• _WHAT THE TASK ASKS_
Each record below needs to be reproduced precisely, though not its pictures.

• _DATASET EXTRACT_
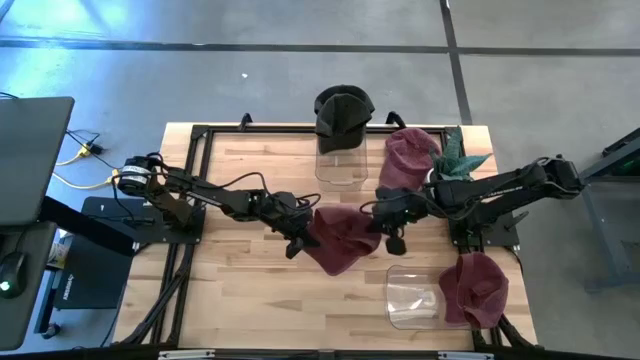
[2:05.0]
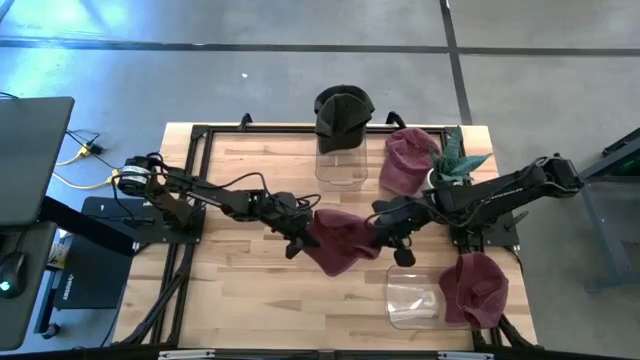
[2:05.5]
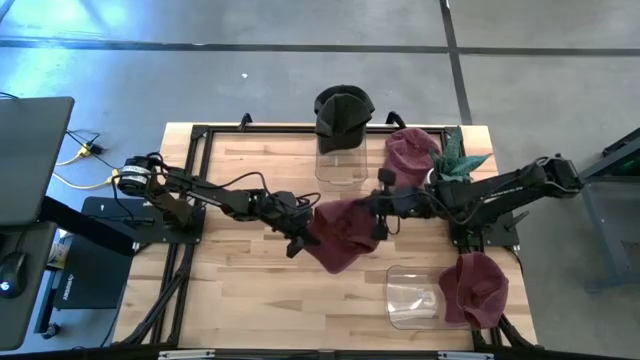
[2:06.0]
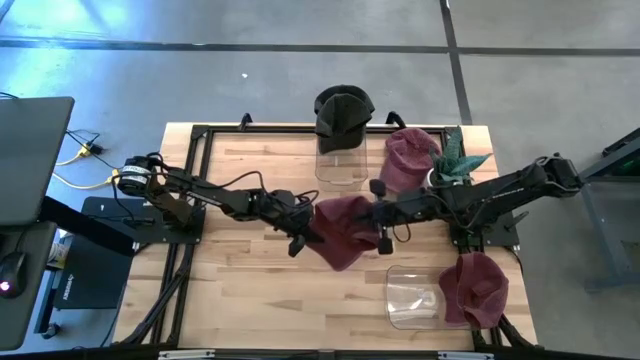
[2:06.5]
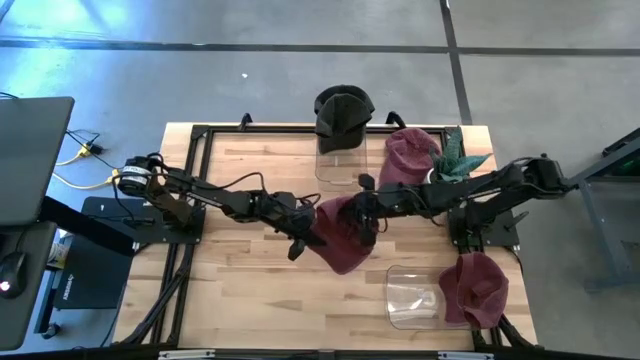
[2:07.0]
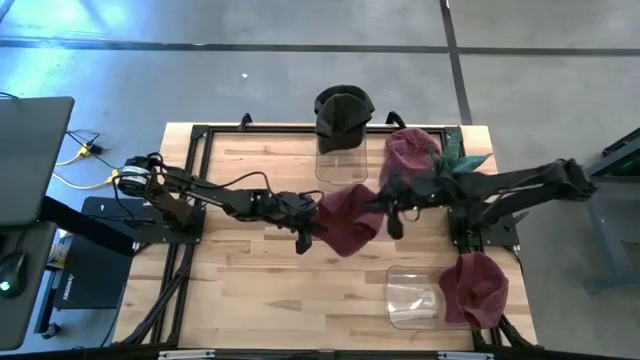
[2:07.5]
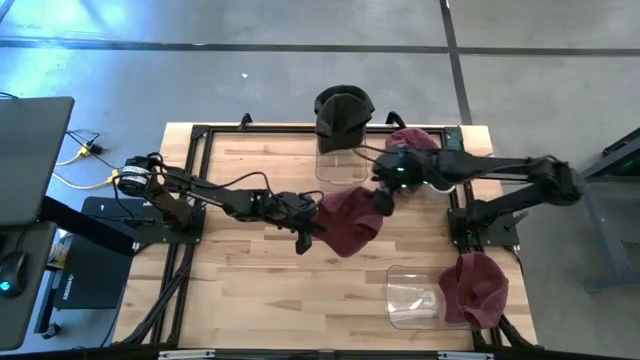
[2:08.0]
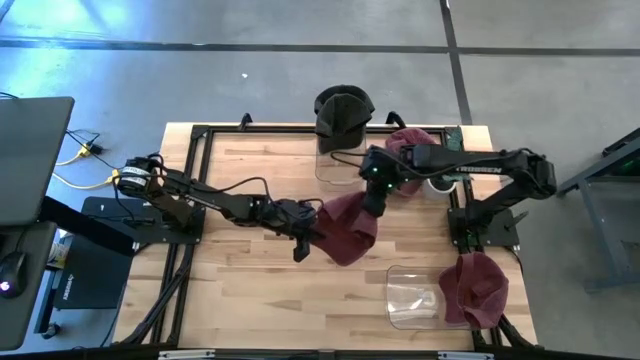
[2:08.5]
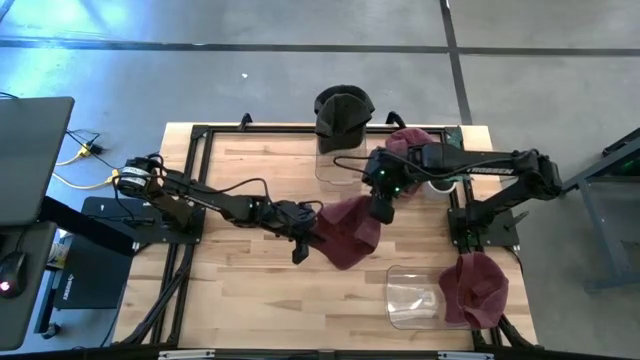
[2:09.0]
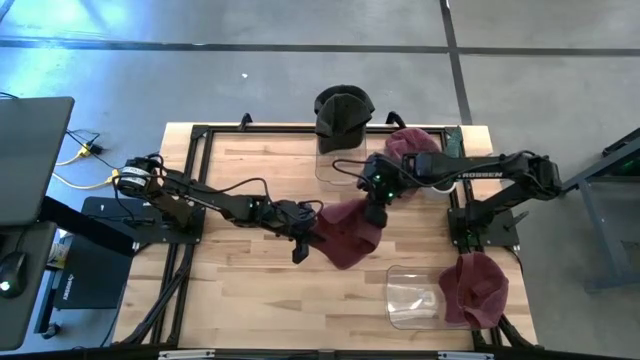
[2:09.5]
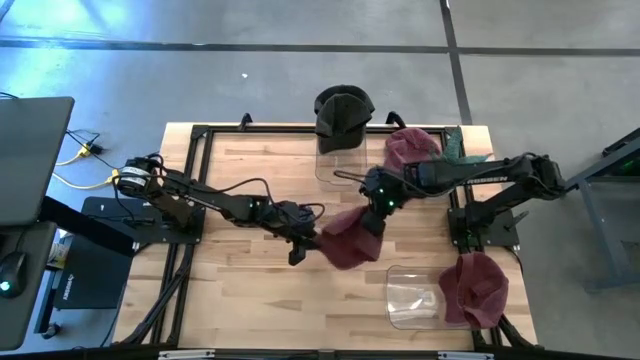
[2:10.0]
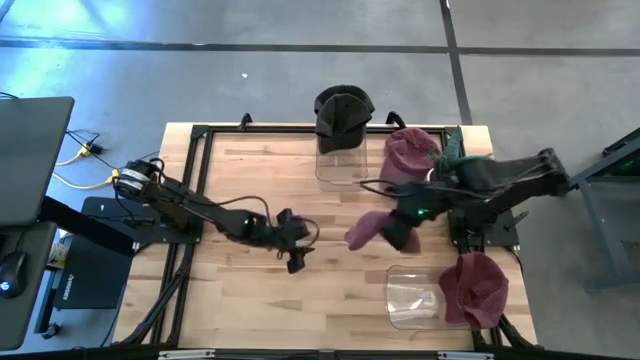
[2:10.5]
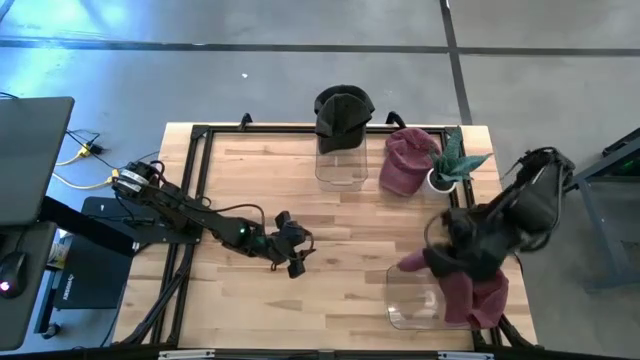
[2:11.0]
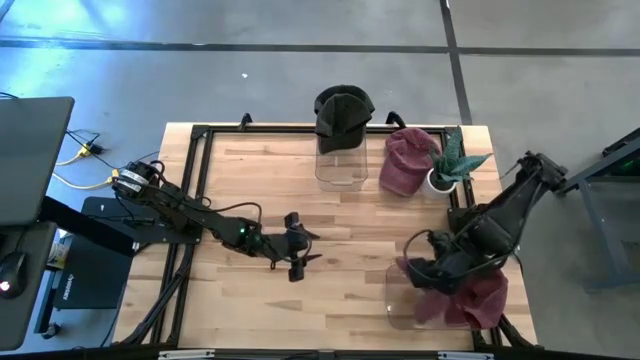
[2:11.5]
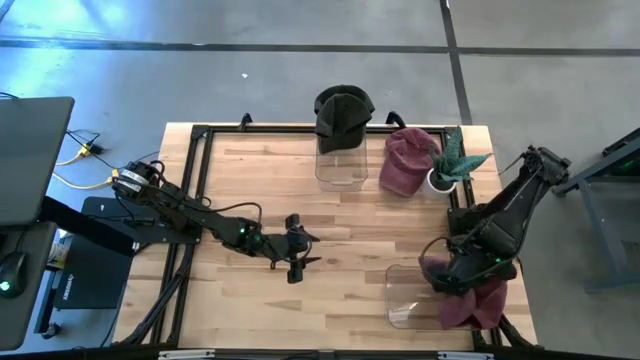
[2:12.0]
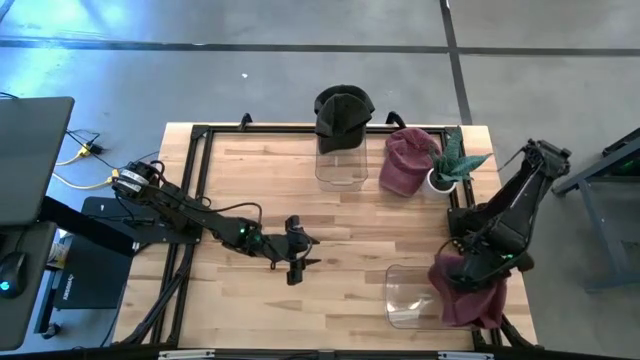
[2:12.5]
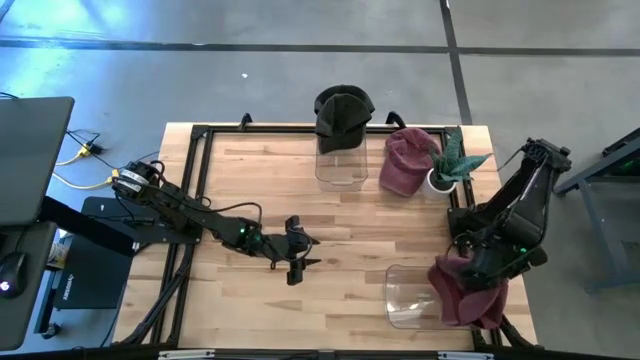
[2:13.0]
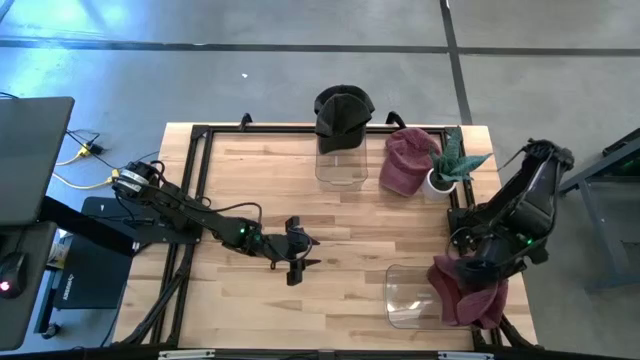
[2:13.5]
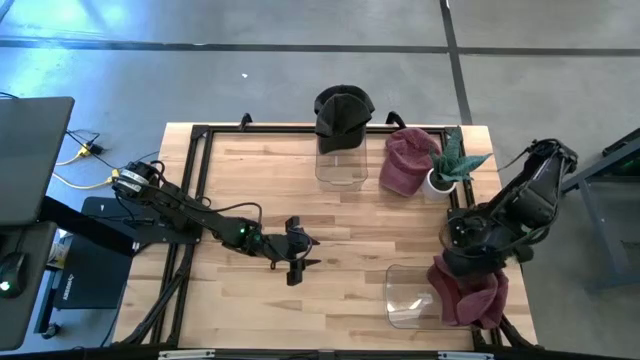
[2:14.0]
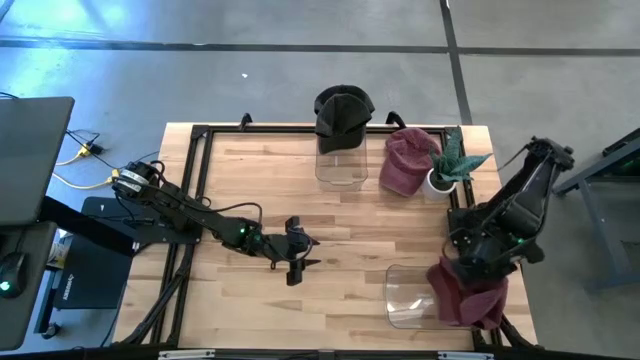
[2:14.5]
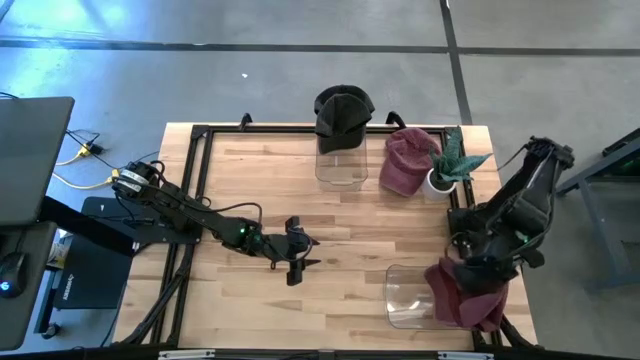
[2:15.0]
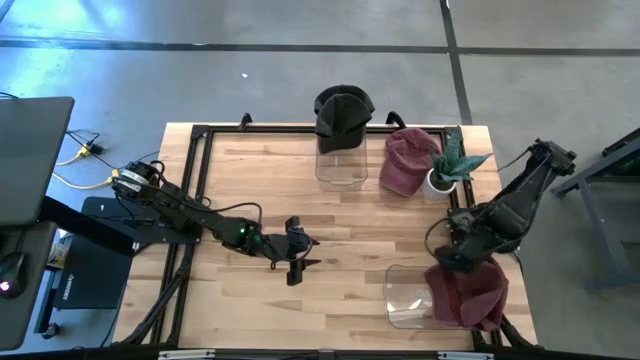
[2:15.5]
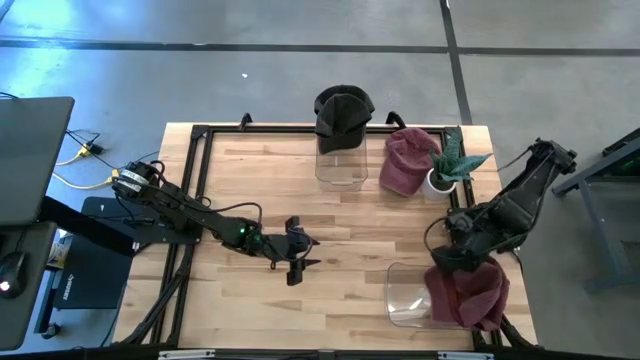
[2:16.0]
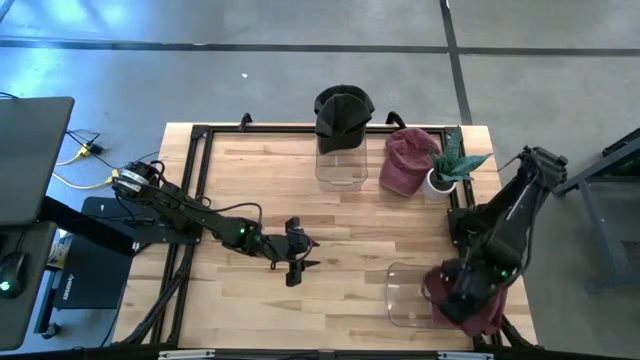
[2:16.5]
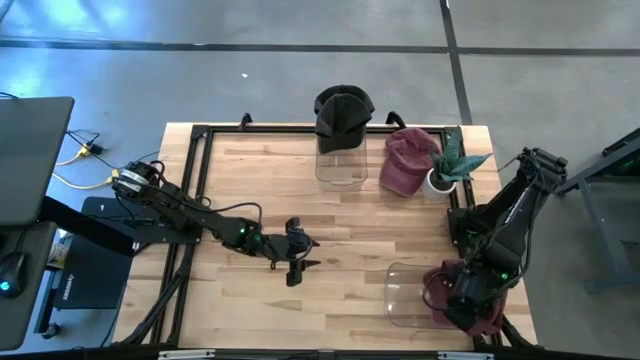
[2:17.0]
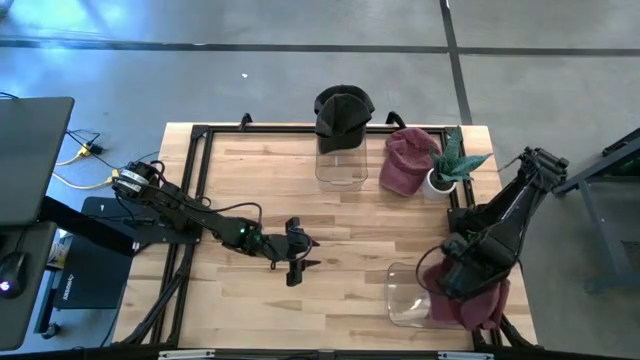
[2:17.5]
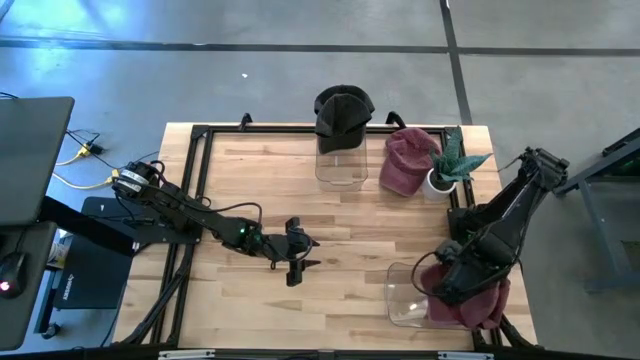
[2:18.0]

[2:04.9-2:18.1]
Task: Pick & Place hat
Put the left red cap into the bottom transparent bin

• _OUTPUT FOR THIS TASK_
[2:05.0]
[2:05.5]
[2:06.0]
[2:06.5]
[2:07.0]
[2:07.5]
[2:08.0]
[2:08.5]
[2:09.0]
[2:09.5]
[2:10.0]
[2:10.5]
[2:11.0]
[2:11.5]
[2:12.0]
[2:12.5]
[2:13.0]
[2:13.5]
[2:14.0]
[2:14.5]
[2:15.0]
[2:15.5]
[2:16.0]
[2:16.5]
[2:17.0]
[2:17.5]
[2:18.0]

[2:04.9-2:18.1]
Task: Pick & Place hat
Put the left red cap into the bottom transparent bin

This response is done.